Toronto artist transforms salvaged material into sculptures for hospitals
Dennis Lin's mobiles are at SickKids, Holland Bloorview and West Park hospital
It's an unusual sight in a hospital lobby: a table with an eclectic collection of salvaged and saved items like charcoal, rocks and fragments of the inside of a piano.
The bits and pieces are being suspended from the ceiling at West Park Healthcare Centre as part of a sculpture, one of Dennis Lin's latest art installations at a GTA health-care facility.
"I make mobiles, it's part of my visual language," said the Toronto-based artist.
"We're looking at brass, bronze, wood, salvaged materials I've collected over the years and arranged in a composition that is hopefully magical, whimsical and playful," he said.
Lin says he hopes his art provides some relief to patients, families and staff in what can be a very stressful environment. University Health Network also recognizes the benefits of art in its facilities and has been growing its art program at the recently opened hospital.
Part of Lin's artistic process involves saving and recycling items. In this particular piece, titled Milky Way, he's also used material from the hospital's prosthetics and orthotics department.
Milky Way is the third installation Lin has done in a health-care setting. He also recently completed mobiles at SickKids and Holland Bloorview Kids Rehabilitation Hospital.
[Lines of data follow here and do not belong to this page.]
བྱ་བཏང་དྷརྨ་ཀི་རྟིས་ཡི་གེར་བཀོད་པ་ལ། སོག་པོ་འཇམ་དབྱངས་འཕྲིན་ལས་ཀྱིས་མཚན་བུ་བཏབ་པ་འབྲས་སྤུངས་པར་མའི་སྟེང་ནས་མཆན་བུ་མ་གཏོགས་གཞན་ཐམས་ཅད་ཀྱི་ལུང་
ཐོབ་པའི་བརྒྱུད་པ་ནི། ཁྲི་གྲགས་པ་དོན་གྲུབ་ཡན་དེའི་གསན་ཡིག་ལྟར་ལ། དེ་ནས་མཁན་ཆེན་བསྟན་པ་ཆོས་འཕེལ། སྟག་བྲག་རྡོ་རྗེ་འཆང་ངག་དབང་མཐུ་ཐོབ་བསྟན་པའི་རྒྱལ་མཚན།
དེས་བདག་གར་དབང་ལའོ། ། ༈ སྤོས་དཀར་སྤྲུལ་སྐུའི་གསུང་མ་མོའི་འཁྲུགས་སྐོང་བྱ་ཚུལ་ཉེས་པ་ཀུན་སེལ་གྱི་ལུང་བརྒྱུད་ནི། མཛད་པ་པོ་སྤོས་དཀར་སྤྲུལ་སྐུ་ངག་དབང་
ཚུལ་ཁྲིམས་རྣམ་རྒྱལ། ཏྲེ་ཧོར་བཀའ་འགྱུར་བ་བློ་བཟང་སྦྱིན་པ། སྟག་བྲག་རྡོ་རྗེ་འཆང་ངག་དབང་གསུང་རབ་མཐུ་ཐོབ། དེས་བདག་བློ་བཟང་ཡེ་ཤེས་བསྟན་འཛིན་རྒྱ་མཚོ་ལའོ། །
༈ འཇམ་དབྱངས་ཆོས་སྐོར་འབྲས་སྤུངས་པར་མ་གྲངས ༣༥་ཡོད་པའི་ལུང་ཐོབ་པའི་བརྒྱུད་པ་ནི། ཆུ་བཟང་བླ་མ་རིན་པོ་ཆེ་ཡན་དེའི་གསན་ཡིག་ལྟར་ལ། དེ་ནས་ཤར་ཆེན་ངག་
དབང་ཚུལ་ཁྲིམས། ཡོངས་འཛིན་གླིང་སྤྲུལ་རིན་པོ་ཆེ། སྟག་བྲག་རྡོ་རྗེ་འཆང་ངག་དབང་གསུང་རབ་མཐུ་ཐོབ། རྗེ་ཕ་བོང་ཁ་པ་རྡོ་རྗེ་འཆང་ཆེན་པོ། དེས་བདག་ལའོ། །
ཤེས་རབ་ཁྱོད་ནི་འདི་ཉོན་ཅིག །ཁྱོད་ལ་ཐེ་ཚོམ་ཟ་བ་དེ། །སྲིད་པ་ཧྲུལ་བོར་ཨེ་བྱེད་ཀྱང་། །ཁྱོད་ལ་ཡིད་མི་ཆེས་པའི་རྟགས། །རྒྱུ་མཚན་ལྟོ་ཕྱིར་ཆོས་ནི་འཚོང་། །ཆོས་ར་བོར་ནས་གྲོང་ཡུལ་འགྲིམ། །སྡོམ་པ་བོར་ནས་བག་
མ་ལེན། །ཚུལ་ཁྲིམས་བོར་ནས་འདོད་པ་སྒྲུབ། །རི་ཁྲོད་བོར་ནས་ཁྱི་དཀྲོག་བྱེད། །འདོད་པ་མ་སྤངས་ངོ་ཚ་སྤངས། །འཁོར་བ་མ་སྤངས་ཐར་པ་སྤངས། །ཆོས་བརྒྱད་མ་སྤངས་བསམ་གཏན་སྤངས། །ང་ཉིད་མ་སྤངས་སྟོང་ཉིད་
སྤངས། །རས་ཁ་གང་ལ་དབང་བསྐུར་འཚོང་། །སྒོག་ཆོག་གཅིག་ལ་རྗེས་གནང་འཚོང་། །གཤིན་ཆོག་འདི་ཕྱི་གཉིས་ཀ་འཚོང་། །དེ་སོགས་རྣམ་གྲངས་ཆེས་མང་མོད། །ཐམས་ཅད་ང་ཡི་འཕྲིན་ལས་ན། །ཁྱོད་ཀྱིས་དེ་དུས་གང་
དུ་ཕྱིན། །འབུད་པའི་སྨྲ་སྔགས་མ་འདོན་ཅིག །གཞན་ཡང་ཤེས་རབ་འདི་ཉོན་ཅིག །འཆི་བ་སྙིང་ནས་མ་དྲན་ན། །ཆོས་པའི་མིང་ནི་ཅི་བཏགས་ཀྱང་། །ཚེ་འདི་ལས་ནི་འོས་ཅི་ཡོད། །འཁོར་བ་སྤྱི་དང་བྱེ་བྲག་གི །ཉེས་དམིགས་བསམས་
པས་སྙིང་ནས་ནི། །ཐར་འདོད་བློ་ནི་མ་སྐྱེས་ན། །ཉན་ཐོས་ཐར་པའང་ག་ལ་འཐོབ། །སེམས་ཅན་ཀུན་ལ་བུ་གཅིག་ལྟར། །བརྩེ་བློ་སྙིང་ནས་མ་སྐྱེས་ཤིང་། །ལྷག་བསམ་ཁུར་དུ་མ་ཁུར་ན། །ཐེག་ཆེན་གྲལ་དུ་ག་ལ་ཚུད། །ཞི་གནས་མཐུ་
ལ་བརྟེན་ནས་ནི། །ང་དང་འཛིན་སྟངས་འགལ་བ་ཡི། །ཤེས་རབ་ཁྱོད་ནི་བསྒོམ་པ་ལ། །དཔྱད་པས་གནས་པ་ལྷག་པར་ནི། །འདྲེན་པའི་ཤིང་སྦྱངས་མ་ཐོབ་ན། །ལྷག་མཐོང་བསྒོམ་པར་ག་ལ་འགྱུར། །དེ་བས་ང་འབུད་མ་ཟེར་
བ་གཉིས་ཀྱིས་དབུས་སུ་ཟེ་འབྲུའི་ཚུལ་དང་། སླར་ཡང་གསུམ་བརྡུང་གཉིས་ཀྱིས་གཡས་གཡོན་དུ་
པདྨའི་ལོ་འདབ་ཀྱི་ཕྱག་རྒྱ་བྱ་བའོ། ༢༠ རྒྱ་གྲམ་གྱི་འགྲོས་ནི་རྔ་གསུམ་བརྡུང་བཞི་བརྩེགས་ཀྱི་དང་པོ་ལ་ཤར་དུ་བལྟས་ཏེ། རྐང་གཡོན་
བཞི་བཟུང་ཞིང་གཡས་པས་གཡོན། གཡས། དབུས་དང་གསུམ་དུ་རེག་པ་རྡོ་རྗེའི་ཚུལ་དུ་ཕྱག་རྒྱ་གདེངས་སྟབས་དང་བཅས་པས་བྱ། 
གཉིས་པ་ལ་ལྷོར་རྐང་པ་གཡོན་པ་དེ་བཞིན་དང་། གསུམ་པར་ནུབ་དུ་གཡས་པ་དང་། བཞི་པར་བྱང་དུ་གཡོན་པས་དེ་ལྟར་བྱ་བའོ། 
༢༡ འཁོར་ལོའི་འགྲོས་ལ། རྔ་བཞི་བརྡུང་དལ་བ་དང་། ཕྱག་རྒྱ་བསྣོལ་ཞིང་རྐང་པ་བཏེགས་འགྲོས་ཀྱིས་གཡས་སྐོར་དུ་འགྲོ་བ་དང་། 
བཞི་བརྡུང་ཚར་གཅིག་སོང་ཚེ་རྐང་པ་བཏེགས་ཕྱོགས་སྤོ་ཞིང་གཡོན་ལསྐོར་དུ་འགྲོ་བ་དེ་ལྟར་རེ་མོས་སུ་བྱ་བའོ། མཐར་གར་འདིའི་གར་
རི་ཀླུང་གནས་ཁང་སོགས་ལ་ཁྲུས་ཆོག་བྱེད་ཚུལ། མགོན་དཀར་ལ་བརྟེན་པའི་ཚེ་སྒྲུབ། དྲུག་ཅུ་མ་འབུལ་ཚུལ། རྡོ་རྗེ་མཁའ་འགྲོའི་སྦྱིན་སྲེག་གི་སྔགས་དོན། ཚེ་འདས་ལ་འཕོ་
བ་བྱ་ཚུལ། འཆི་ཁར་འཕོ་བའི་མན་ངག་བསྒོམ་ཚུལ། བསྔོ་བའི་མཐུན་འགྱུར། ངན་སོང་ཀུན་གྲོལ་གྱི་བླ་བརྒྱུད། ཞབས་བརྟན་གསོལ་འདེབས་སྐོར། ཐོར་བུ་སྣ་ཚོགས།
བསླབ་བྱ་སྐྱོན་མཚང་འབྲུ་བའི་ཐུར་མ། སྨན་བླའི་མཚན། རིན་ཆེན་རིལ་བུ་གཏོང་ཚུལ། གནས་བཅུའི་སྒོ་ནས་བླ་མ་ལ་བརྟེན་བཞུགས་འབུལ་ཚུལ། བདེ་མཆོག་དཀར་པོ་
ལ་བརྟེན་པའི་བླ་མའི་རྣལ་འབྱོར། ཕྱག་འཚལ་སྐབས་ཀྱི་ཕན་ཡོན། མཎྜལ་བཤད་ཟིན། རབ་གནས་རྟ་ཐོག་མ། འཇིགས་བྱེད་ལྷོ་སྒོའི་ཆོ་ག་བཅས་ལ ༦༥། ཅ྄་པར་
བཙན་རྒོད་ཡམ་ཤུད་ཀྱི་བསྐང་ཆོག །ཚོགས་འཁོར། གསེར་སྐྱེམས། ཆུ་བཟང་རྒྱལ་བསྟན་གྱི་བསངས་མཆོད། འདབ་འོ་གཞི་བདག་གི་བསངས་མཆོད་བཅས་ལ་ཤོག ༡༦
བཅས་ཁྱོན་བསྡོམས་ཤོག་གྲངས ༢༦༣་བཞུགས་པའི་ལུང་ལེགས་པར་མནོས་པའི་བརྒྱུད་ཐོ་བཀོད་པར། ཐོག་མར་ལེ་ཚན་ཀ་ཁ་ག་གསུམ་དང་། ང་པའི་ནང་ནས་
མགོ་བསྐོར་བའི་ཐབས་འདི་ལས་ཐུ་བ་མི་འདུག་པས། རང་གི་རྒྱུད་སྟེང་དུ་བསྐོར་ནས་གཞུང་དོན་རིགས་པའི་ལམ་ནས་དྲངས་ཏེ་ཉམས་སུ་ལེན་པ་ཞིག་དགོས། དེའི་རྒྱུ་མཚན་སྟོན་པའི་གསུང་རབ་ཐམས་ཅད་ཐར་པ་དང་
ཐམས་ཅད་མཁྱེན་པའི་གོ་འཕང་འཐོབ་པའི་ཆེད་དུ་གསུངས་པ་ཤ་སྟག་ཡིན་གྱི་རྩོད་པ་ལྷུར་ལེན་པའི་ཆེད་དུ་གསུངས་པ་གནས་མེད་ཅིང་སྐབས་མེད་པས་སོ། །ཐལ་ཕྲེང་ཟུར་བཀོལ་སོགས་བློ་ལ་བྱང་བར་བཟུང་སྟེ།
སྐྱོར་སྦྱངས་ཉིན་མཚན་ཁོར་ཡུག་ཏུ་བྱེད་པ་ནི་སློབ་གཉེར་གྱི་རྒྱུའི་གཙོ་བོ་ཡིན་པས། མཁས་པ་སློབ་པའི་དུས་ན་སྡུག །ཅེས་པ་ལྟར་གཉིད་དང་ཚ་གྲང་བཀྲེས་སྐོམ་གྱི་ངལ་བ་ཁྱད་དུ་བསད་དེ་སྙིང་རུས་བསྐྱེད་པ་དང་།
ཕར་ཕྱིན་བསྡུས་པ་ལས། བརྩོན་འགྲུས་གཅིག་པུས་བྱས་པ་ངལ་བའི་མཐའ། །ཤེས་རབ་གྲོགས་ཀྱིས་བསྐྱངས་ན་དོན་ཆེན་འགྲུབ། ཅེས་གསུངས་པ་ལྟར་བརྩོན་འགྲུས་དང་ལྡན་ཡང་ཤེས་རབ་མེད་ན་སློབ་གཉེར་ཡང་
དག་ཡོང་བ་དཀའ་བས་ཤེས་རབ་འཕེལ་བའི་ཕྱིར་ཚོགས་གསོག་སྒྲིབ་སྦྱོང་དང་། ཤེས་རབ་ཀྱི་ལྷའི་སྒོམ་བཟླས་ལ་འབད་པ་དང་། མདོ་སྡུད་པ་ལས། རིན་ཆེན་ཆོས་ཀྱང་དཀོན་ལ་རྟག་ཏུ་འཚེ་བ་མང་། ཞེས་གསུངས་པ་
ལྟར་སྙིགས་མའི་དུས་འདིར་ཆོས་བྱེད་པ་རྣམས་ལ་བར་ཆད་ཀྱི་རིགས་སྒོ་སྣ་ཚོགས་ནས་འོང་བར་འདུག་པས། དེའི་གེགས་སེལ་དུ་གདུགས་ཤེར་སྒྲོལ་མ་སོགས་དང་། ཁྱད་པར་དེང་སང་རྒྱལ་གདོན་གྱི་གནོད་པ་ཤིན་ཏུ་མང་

Those projects invited the patients to be a part of the process.
"We've created patient workshops where we work together to inform the mobiles, so that's been a really wonderful opportunity," he said.
UHN wants to see more public art
One of the goals with the sculpture installation is having more health-care settings consider their facilities as canvases for public art, said Susan MacDonald, art strategy lead at the University Health Network (UHN).
MacDonald says public art has always been a part of places like schools and libraries, and now that trend is starting to catch on in hospitals.
"Very few of us have not had an experience with hospitals, and it offers a diversion for patients when they're anxious about their care, worried about their outcomes, and it gives them a place to contemplate and think differently and escape a bit from their health=care experience," MacDonald said.
She says she took on this role after decades of working in health care and observing the importance of art and nature in the field.
"Hospitals are a high pressure environment and it provides that respite for staff and visiting families as well," she said.
West Park Healthcare Centre has been adorned with 300 pieces of art since the hospital opened in April, and the plan is to continue growing its art program.
For Lin, he hopes his third completed work in a hospital, which he has donated, will bring people a sense of peace.
"I think that's exactly the meaning, an opportunity for escape, positive reflection and positive distraction," Lin said.
"I feel like one of the greatest things I can do as an artist is offer somebody that opportunity."